* **What you should do**
Please output the following records exactly. Leave every image out.

* **Input data**
------------------------------------------------
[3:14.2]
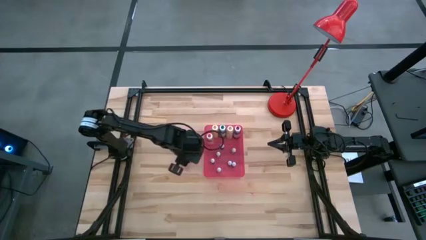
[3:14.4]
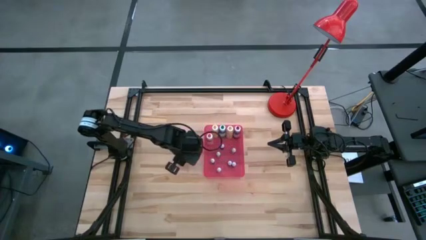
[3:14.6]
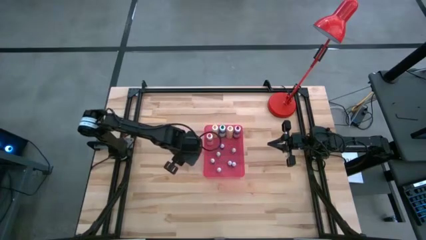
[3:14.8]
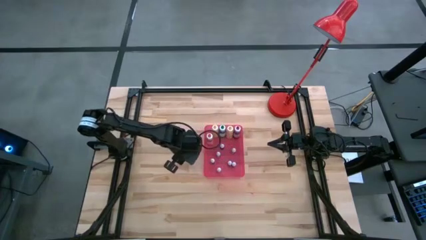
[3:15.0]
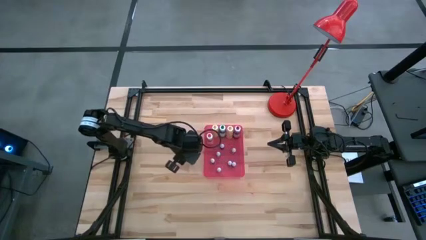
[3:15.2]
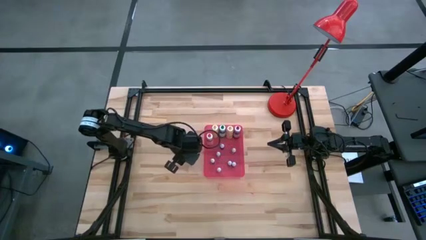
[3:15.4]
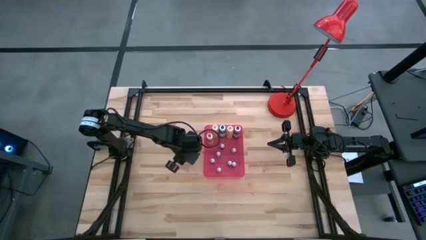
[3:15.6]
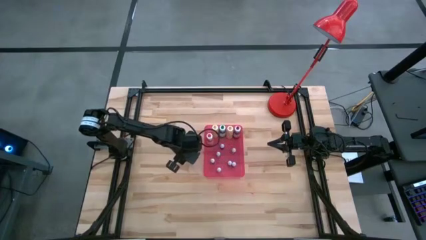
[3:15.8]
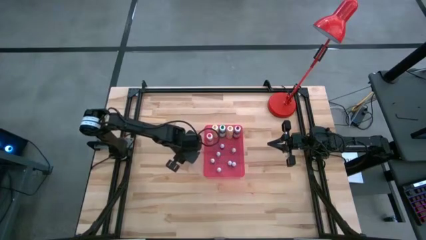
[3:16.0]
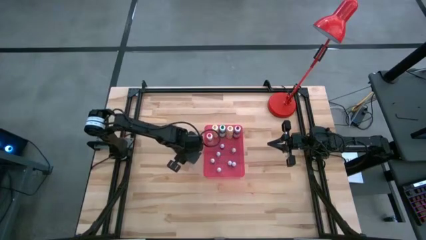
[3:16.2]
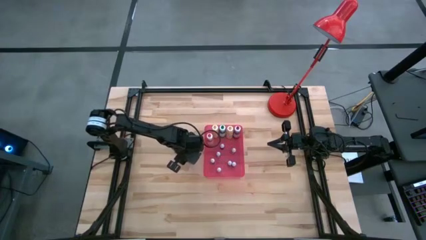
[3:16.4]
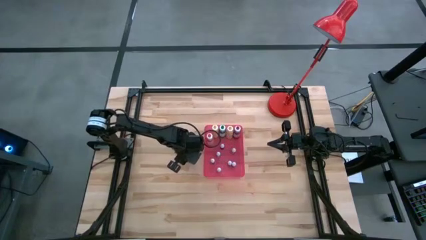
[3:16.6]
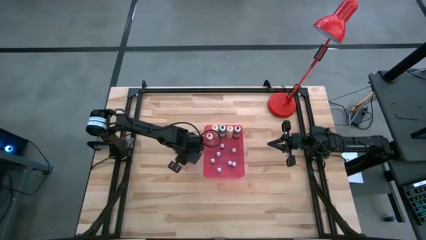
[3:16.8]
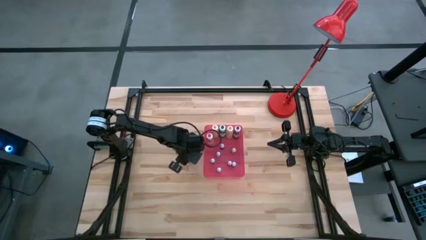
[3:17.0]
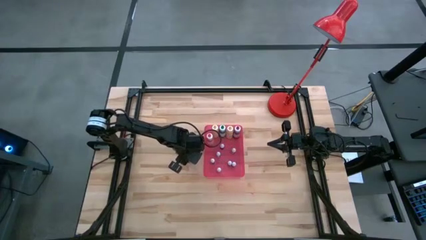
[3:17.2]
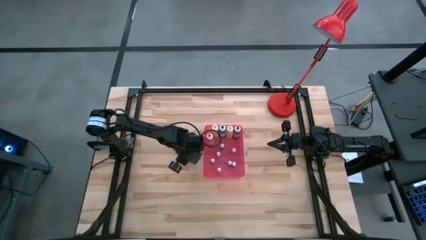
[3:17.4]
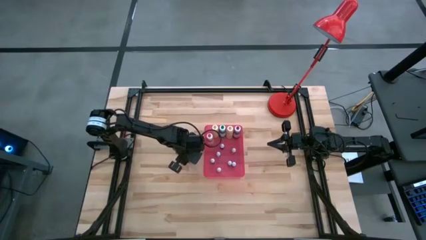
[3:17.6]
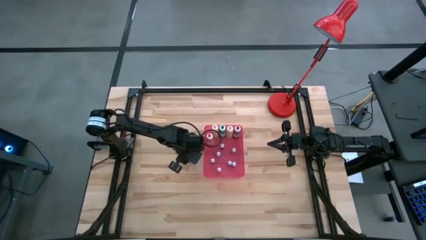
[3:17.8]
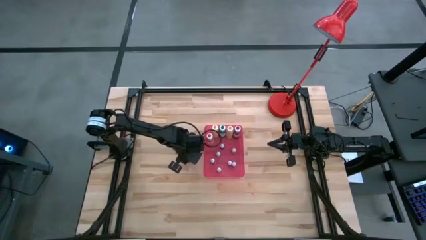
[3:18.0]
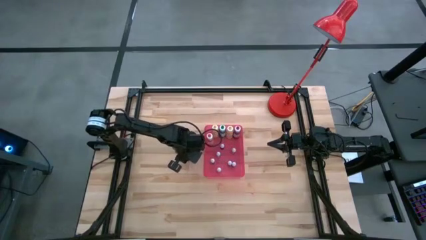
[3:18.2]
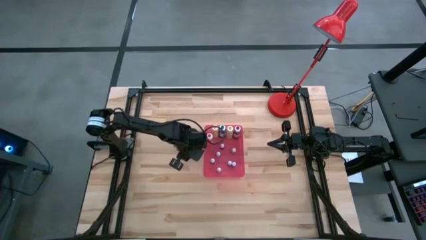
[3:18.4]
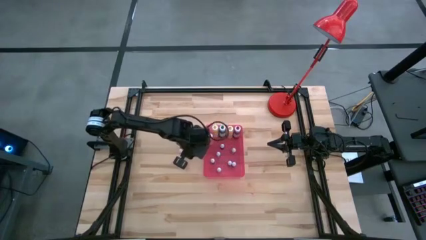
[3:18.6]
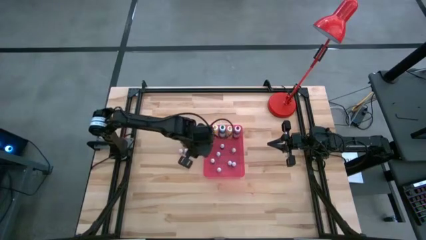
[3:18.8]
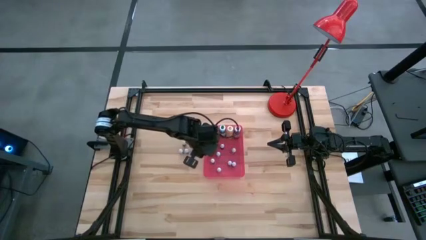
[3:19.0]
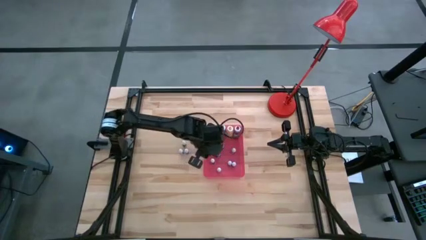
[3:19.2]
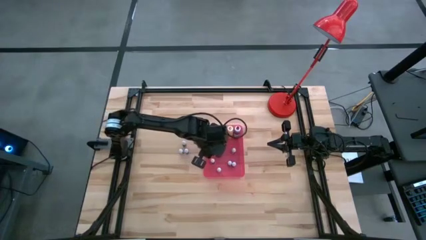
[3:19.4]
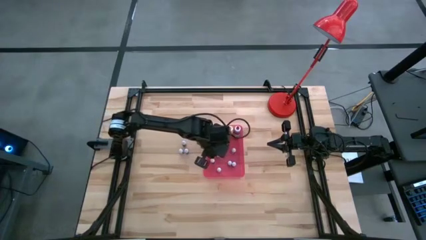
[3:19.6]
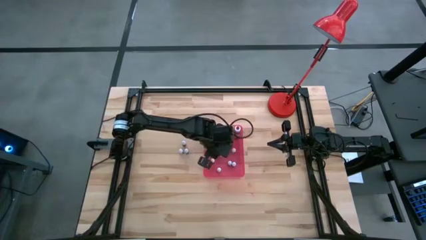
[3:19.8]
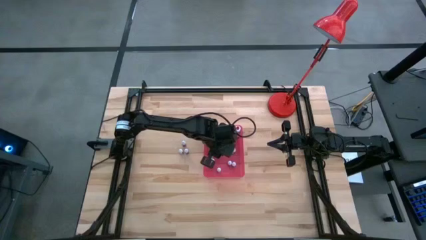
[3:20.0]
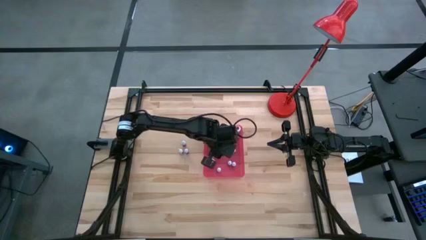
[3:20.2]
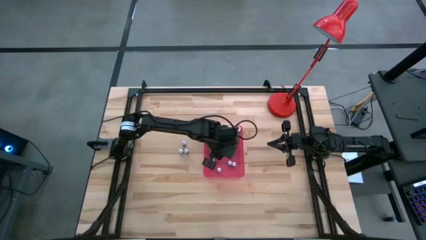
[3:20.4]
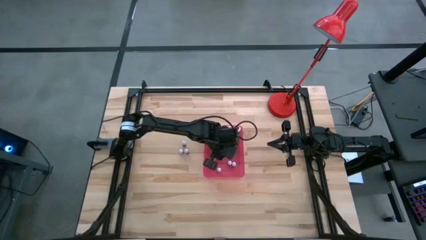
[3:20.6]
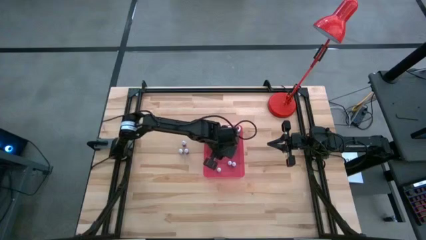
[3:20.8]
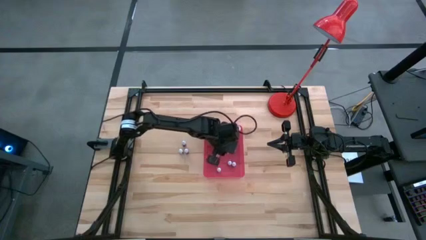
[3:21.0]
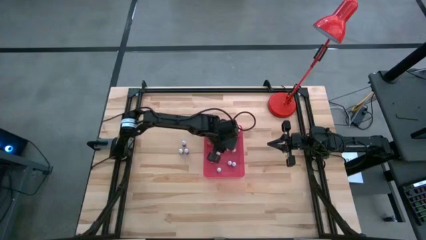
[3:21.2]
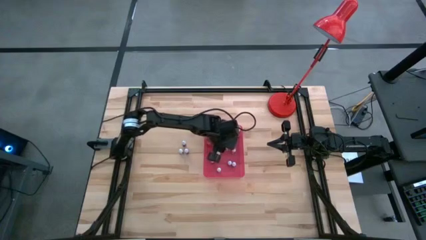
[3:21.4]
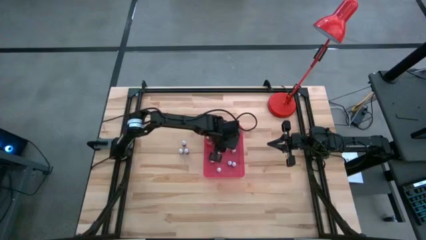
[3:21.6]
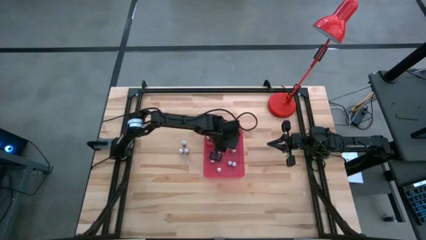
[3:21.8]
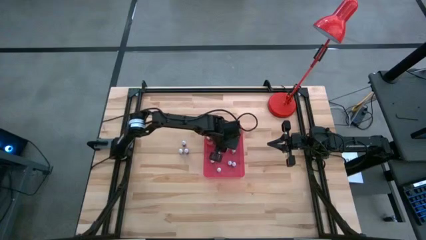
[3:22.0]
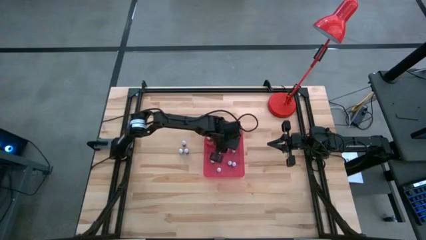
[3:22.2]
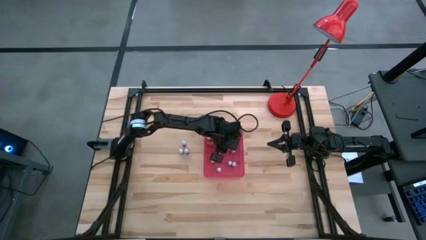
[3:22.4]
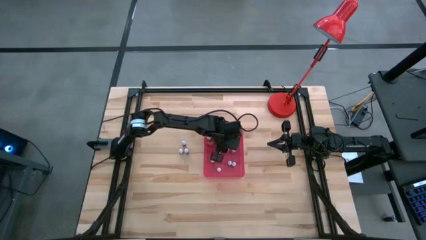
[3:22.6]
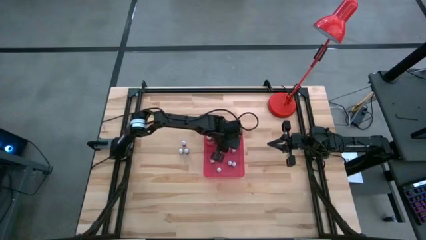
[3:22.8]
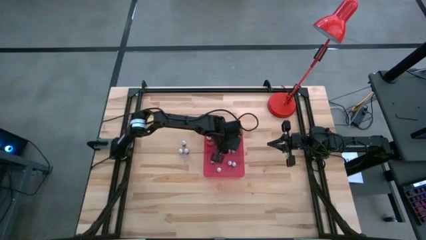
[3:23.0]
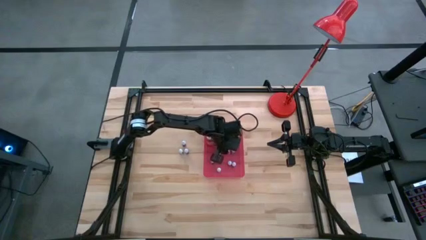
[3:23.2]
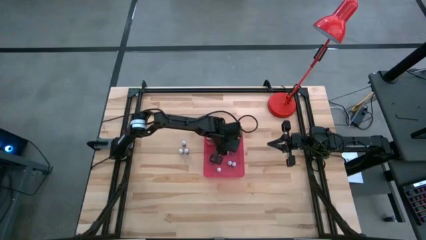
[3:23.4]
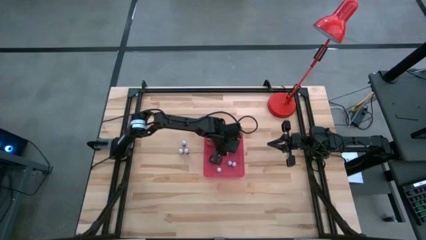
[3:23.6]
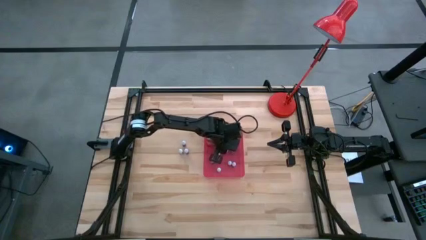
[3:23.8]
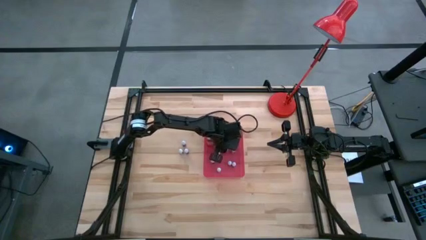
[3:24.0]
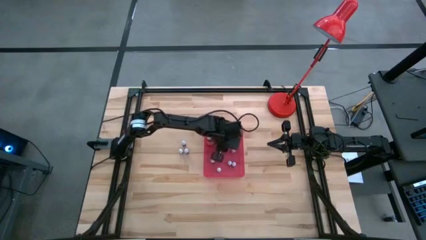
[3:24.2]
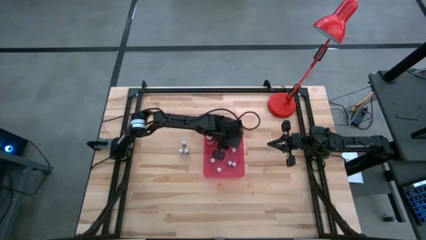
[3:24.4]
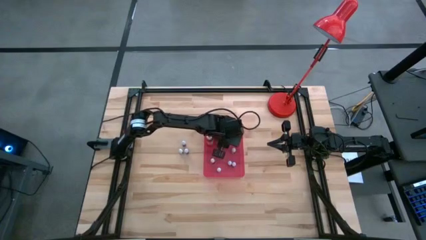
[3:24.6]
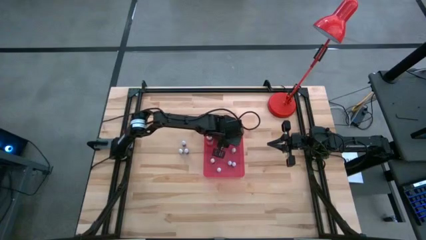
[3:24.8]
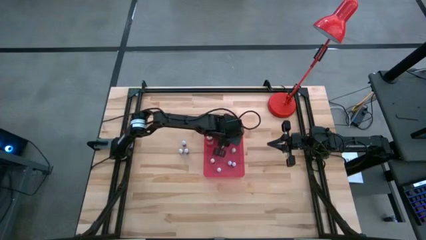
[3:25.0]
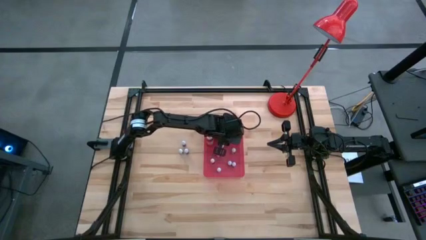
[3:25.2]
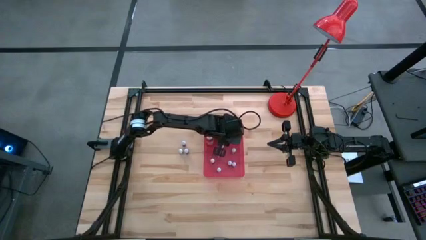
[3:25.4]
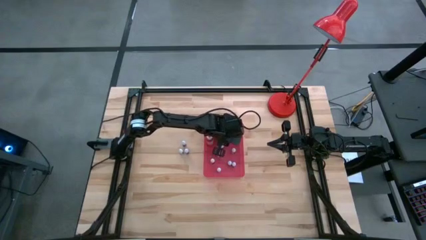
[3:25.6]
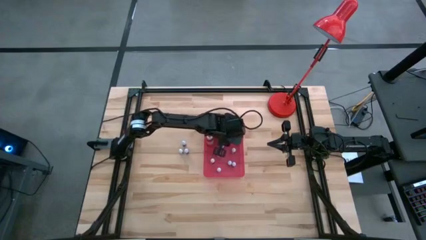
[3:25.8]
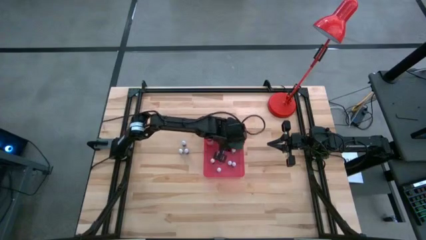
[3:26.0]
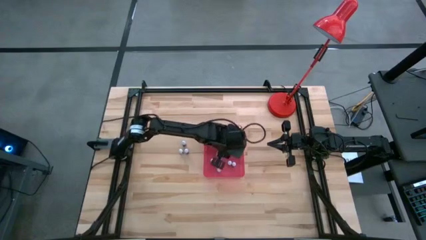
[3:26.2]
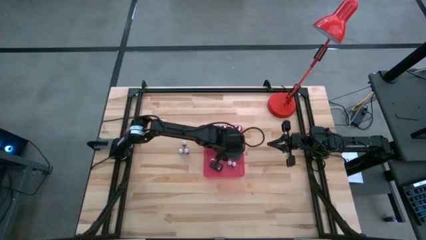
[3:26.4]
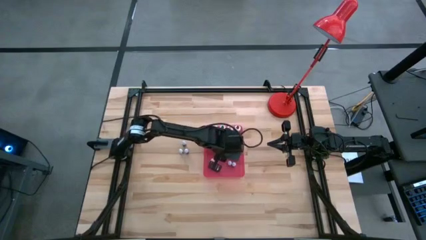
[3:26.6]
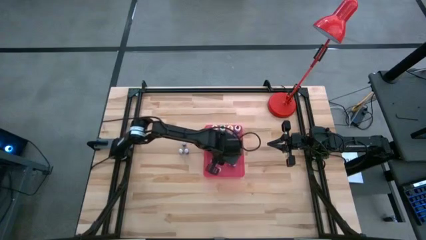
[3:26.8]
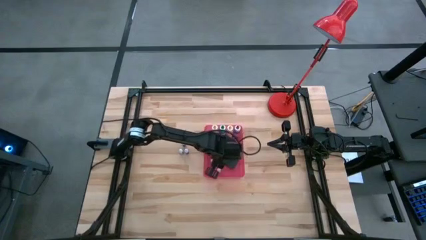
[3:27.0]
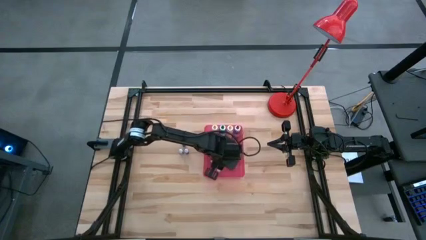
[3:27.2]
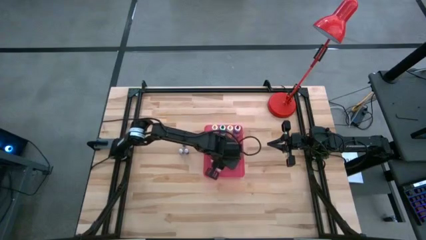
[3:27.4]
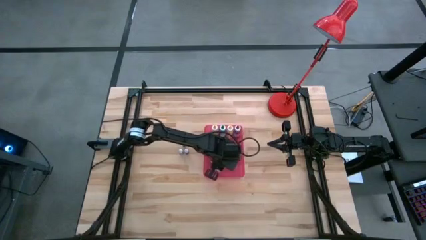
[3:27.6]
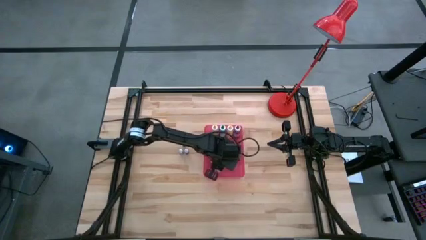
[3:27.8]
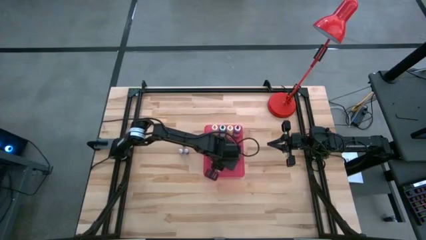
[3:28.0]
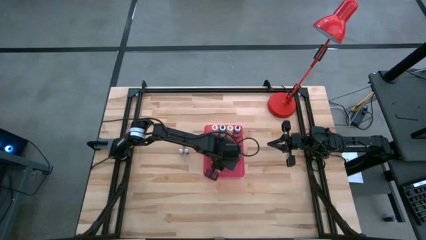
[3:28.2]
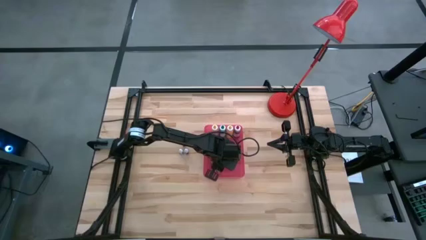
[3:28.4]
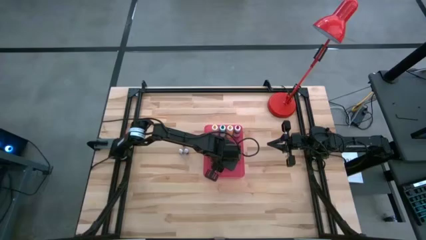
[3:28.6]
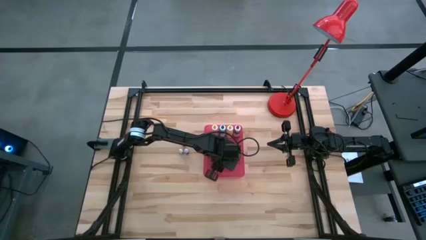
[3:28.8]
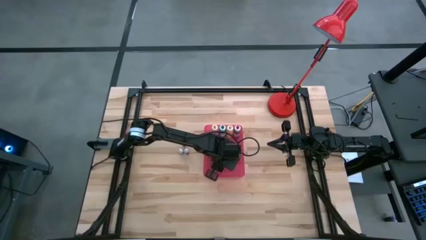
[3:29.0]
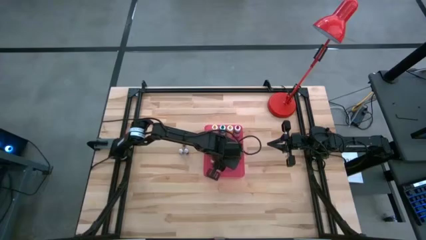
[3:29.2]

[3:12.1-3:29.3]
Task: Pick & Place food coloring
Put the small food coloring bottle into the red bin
------------------------------------------------
* **Finished task**
[3:14.2]
[3:14.4]
[3:14.6]
[3:14.8]
[3:15.0]
[3:15.2]
[3:15.4]
[3:15.6]
[3:15.8]
[3:16.0]
[3:16.2]
[3:16.4]
[3:16.6]
[3:16.8]
[3:17.0]
[3:17.2]
[3:17.4]
[3:17.6]
[3:17.8]
[3:18.0]
[3:18.2]
[3:18.4]
[3:18.6]
[3:18.8]
[3:19.0]
[3:19.2]
[3:19.4]
[3:19.6]
[3:19.8]
[3:20.0]
[3:20.2]
[3:20.4]
[3:20.6]
[3:20.8]
[3:21.0]
[3:21.2]
[3:21.4]
[3:21.6]
[3:21.8]
[3:22.0]
[3:22.2]
[3:22.4]
[3:22.6]
[3:22.8]
[3:23.0]
[3:23.2]
[3:23.4]
[3:23.6]
[3:23.8]
[3:24.0]
[3:24.2]
[3:24.4]
[3:24.6]
[3:24.8]
[3:25.0]
[3:25.2]
[3:25.4]
[3:25.6]
[3:25.8]
[3:26.0]
[3:26.2]
[3:26.4]
[3:26.6]
[3:26.8]
[3:27.0]
[3:27.2]
[3:27.4]
[3:27.6]
[3:27.8]
[3:28.0]
[3:28.2]
[3:28.4]
[3:28.6]
[3:28.8]
[3:29.0]
[3:29.2]

[3:12.1-3:29.3]
Task: Pick & Place food coloring
Put the small food coloring bottle into the red bin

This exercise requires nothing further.